The Australian and New Zealand accounting software industry will move from desktop to cloud-based products over the next decade, Morningstar analyst Gareth James says.
In the small and medium-sized enterprise (SME) segment, MYOB had a leading 60% market share, or 1.2 million customers.
However, the majority of those customers used desktop products and about 600,000 paid MYOB no recurring fees.
Annual business failures and formations created market churn of about 10% a year, driving the adoption of cloud-based products he said.
As competitors gained market share, Morningstar expected MYOB’s total SME customer base to shrink by about 2% a year during the next five years.
Most MYOB desktop customers were likely to move to MYOB cloud products as a result of brand loyalty, product familiarity and integration with business processes, driving paying-customer growth of about 5% a year, Mr James said.

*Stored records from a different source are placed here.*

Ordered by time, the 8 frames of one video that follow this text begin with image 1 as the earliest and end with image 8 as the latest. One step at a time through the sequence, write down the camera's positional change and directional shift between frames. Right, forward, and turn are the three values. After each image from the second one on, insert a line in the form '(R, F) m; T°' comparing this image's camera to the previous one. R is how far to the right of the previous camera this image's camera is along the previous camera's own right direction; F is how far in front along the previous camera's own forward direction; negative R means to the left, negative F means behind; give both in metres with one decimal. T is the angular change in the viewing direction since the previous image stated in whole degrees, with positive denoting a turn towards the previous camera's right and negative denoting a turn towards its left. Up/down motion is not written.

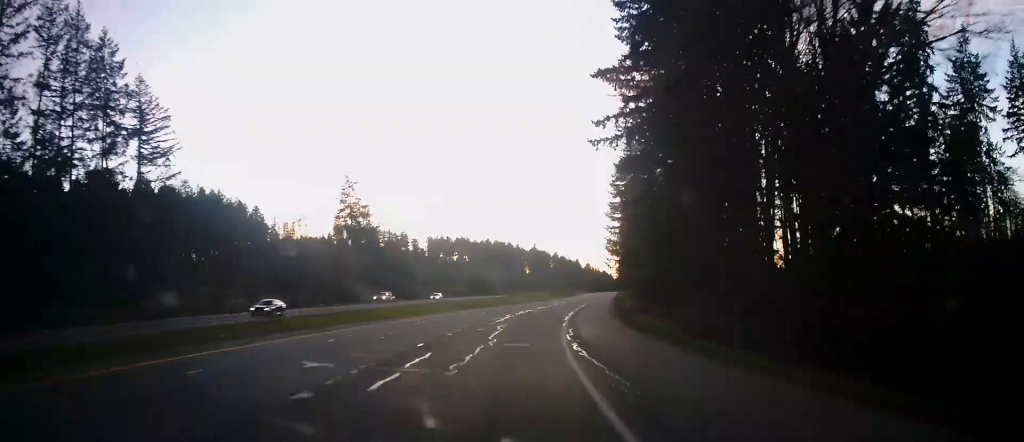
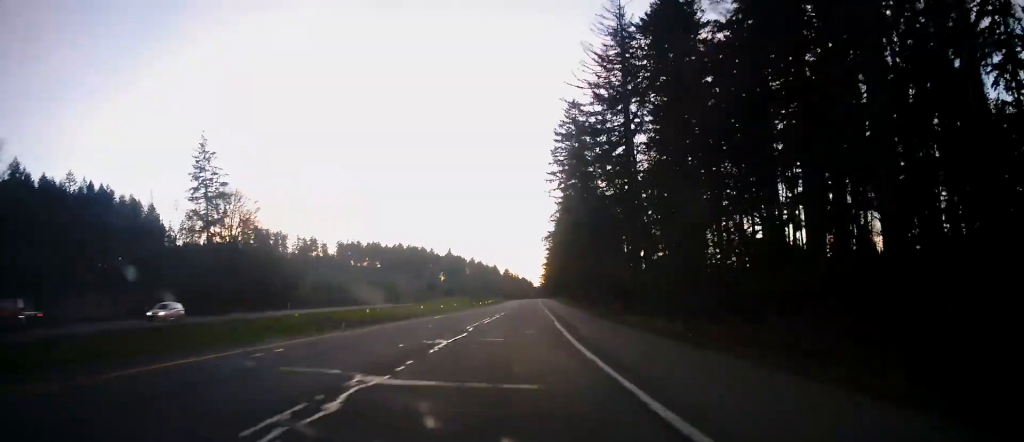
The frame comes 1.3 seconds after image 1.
(+2.1, +38.1) m; +8°
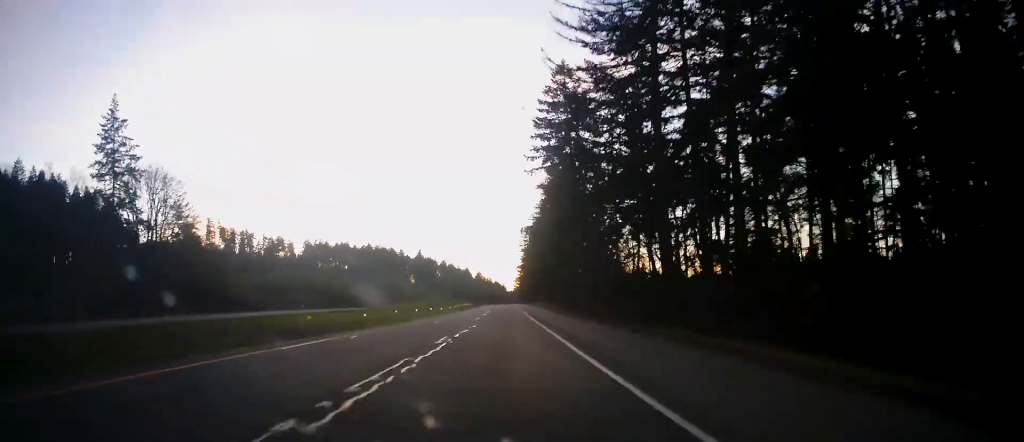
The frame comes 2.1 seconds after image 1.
(+1.3, +23.0) m; +5°
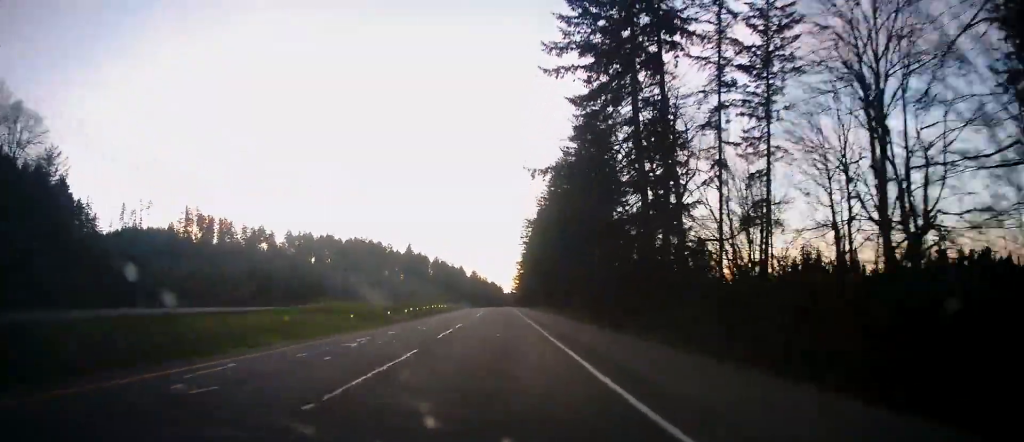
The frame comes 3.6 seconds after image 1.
(+2.0, +43.3) m; +3°
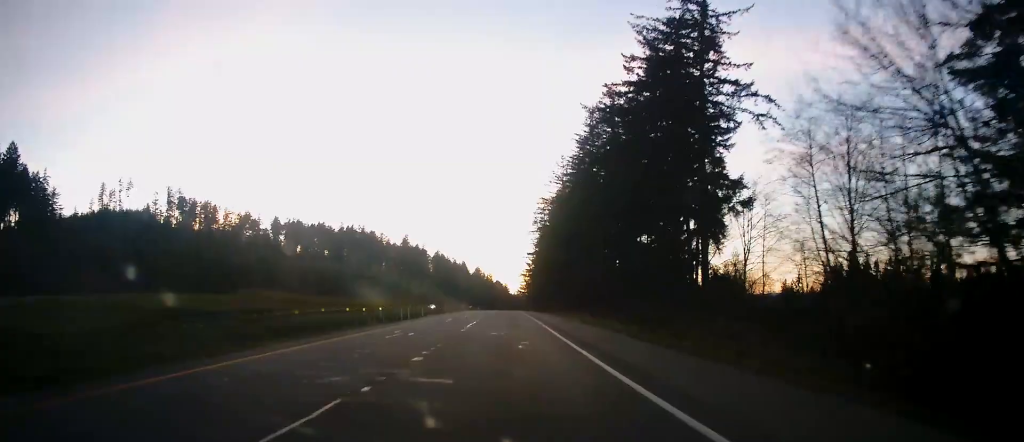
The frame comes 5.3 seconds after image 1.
(-0.7, +47.4) m; -1°
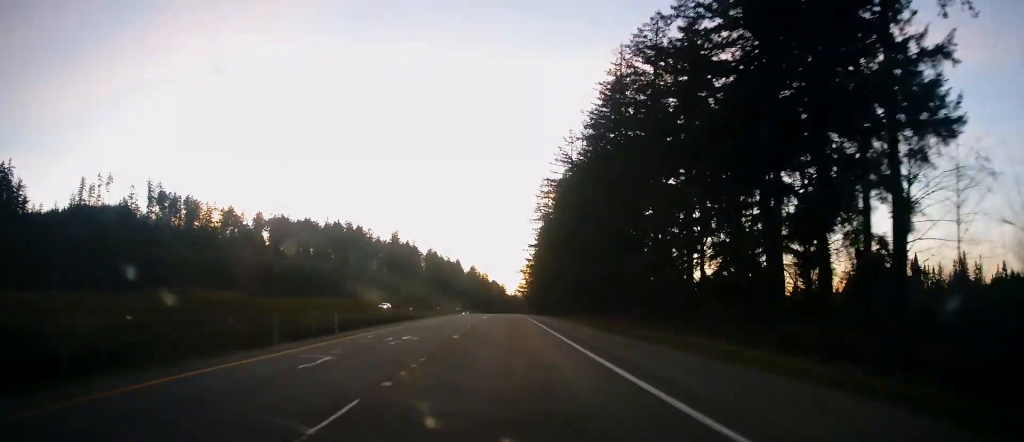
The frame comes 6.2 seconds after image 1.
(0.0, +28.1) m; 0°
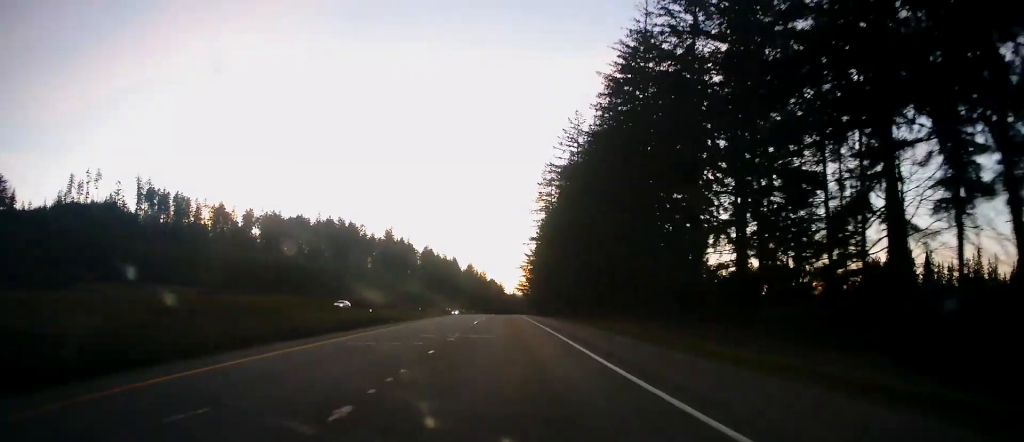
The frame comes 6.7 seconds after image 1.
(0.0, +14.5) m; 0°
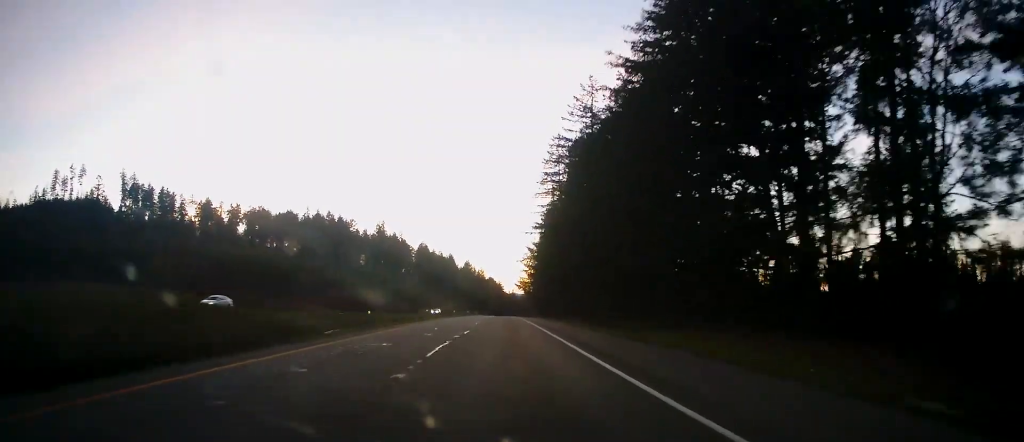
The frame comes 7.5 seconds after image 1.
(-0.1, +21.3) m; +1°
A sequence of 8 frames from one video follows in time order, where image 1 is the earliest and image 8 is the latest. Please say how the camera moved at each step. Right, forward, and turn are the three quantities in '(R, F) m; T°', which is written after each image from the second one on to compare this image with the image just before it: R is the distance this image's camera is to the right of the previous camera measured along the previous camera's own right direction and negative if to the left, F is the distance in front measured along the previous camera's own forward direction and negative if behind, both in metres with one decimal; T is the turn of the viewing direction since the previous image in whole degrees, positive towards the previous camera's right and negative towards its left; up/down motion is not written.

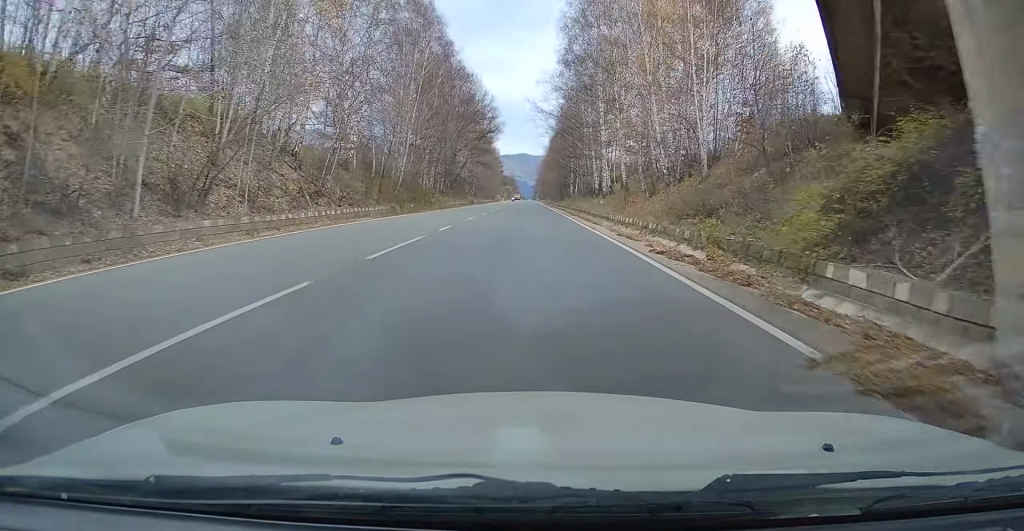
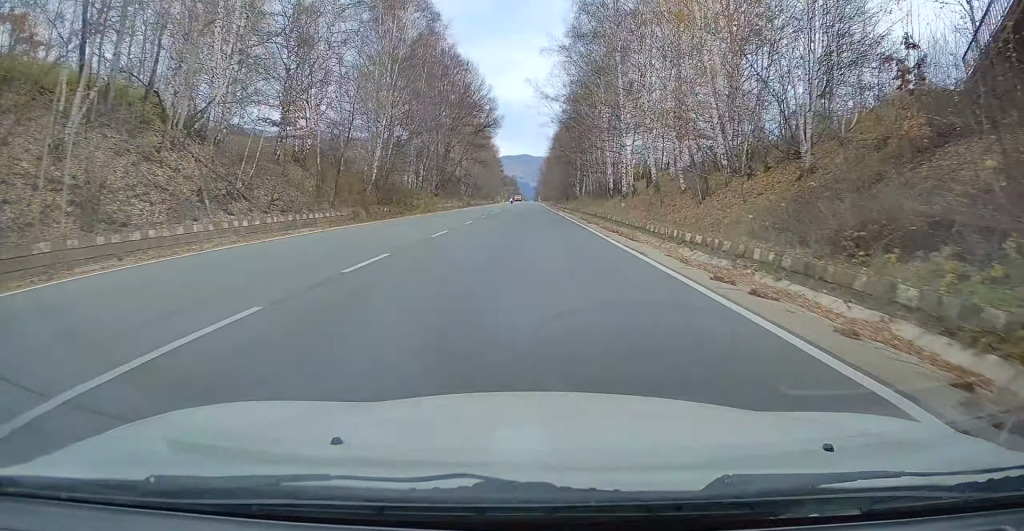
(0.0, +11.2) m; 0°
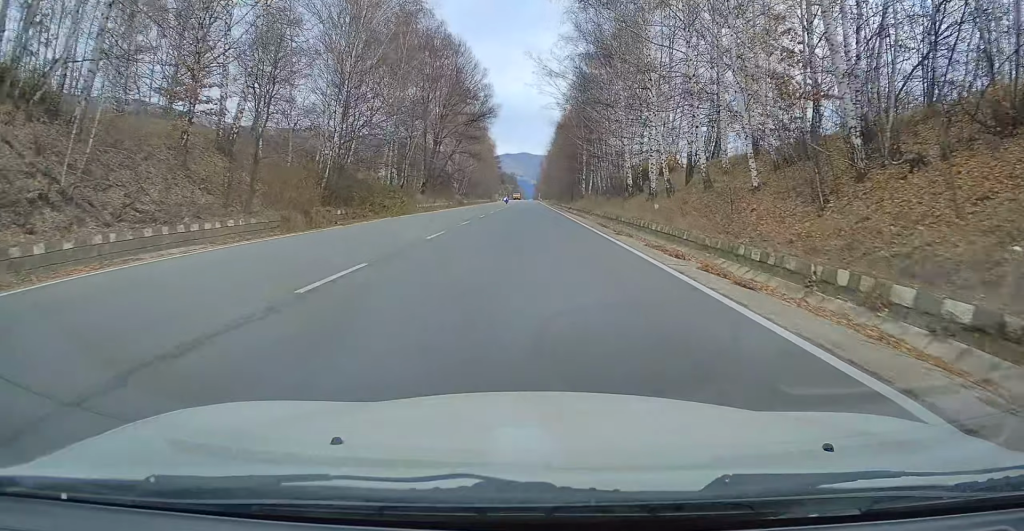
(0.0, +11.2) m; 0°
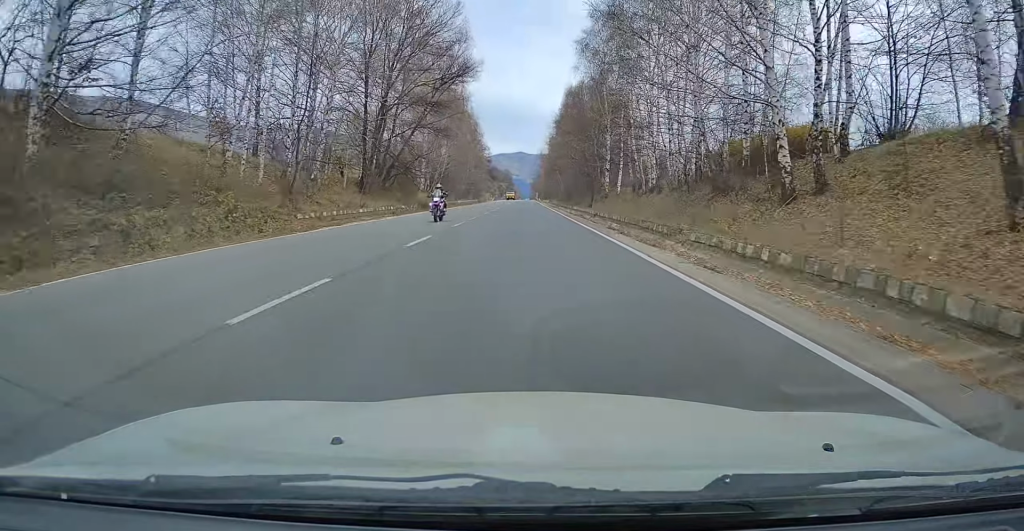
(+0.2, +30.0) m; +1°
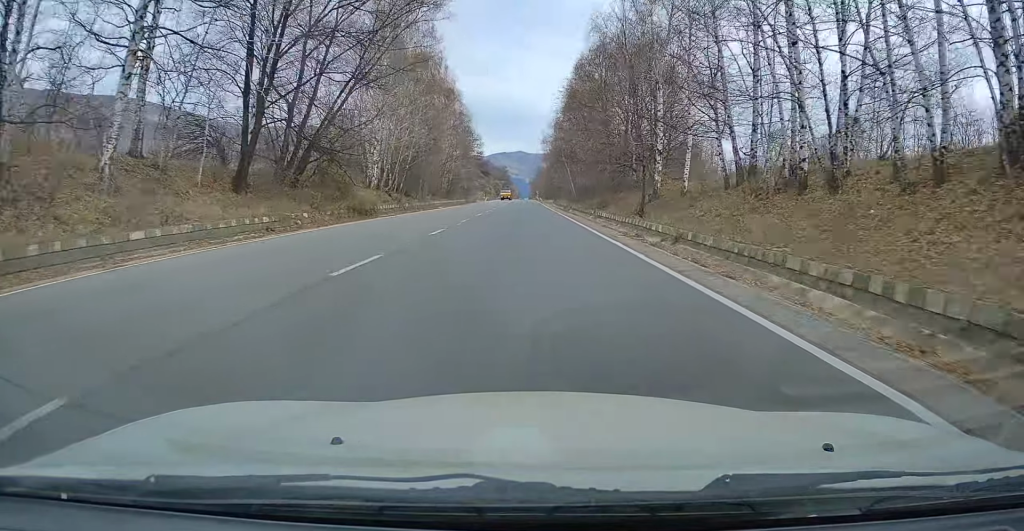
(+0.1, +23.9) m; 0°
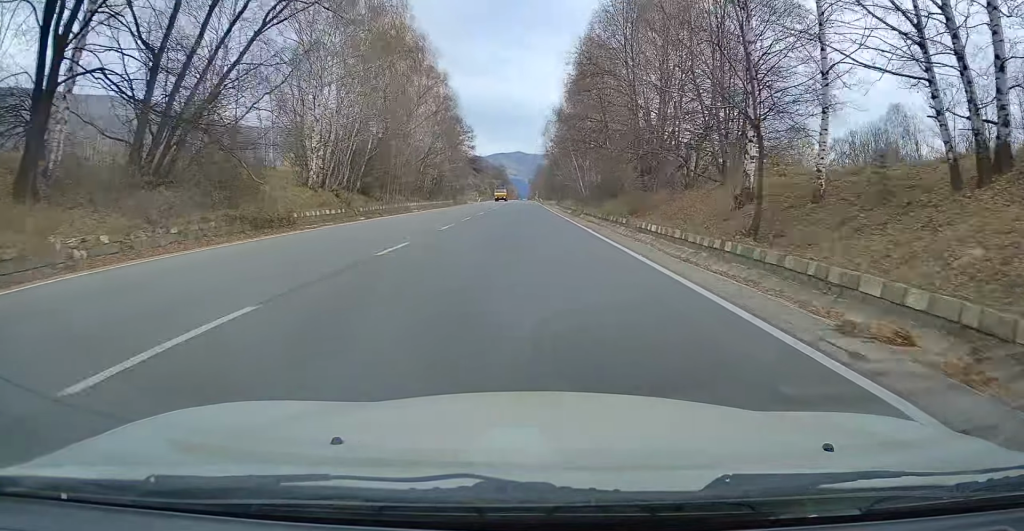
(0.0, +15.4) m; 0°
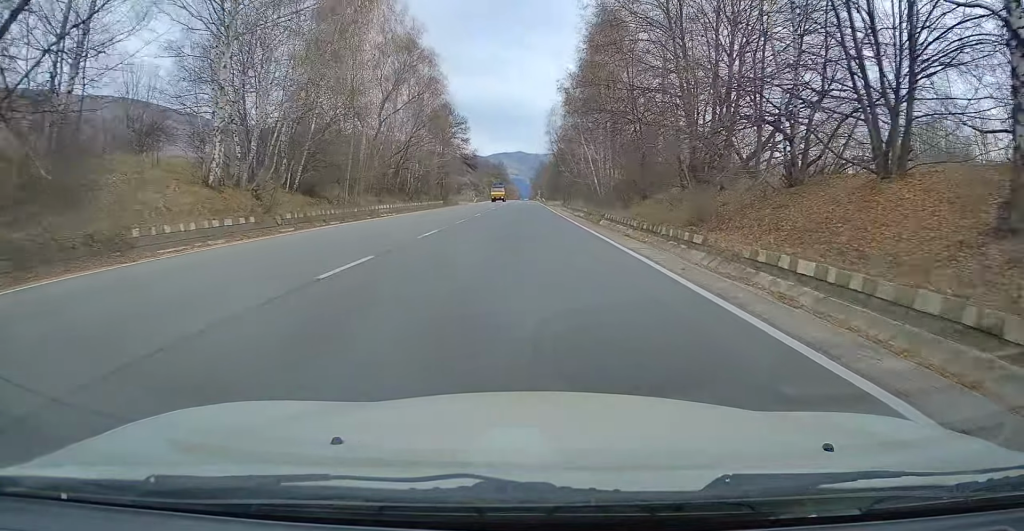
(-0.2, +12.8) m; 0°
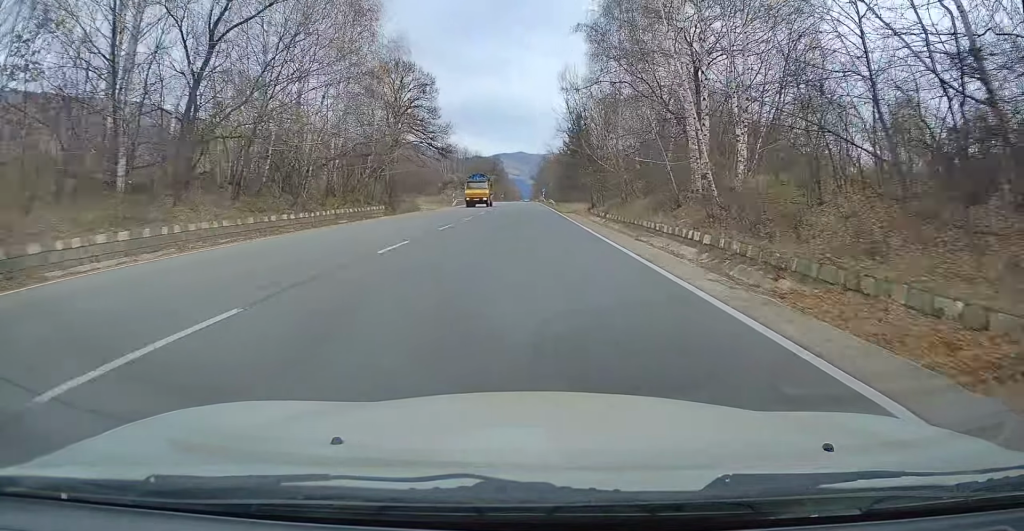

"We expect MYOB’s strong brand and proven track record to be key factors driving customers’ decisions regarding cloud products, particularly as client data is hosted remotely, connects with bank accounts and is a key component of business administration."
Morningstar had increased its fair value on MYOB by 3% to $A4.05 ($NZ4.48) per share following the announcement the company intended to buy Reckon’s practice management division for $A180million.
MYOB was thought to be paying slightly below a fair price for the business, although much of the value could only be realised by MYOB, due to its ability to extract cost and revenue synergies.
The transaction was expected to be approved by the Australian Competition and Consumer Commission and the New Zealand Commerce Commission, Mr James said.
Competition had increased significantly in the Australian and New Zealand accounting software markets in recent years as the emergence of cloud-based software had increased overseas providers’ ability to compete and had enabled the rise of Xero as a competitor.
New Zealand’s Xero recently announced it would delist from the NZX and have a sole listing on the ASX.
WHAT THEY’RE SAYING
THE BULLS SAY
• MYOB is experiencing strong growth in its small-business, cloud-based product segments.
• More than 90% of MYOB’s revenue is of a recurring nature and comes from customers who have been with the company for more than two years.
• MYOB has a high degree of operating leverage and earnings growth typically exceeds revenue growth.
THE BEARS SAY
• Xero developed an early mover advantage with its cloud products, enabling it to grow quickly and win market share.
• The number of small businesses and accounting firms in Australia is reasonably stable.
• MYOB’s strong position in the accounting practice management segment acts as a strategic advantage and supports its SME business.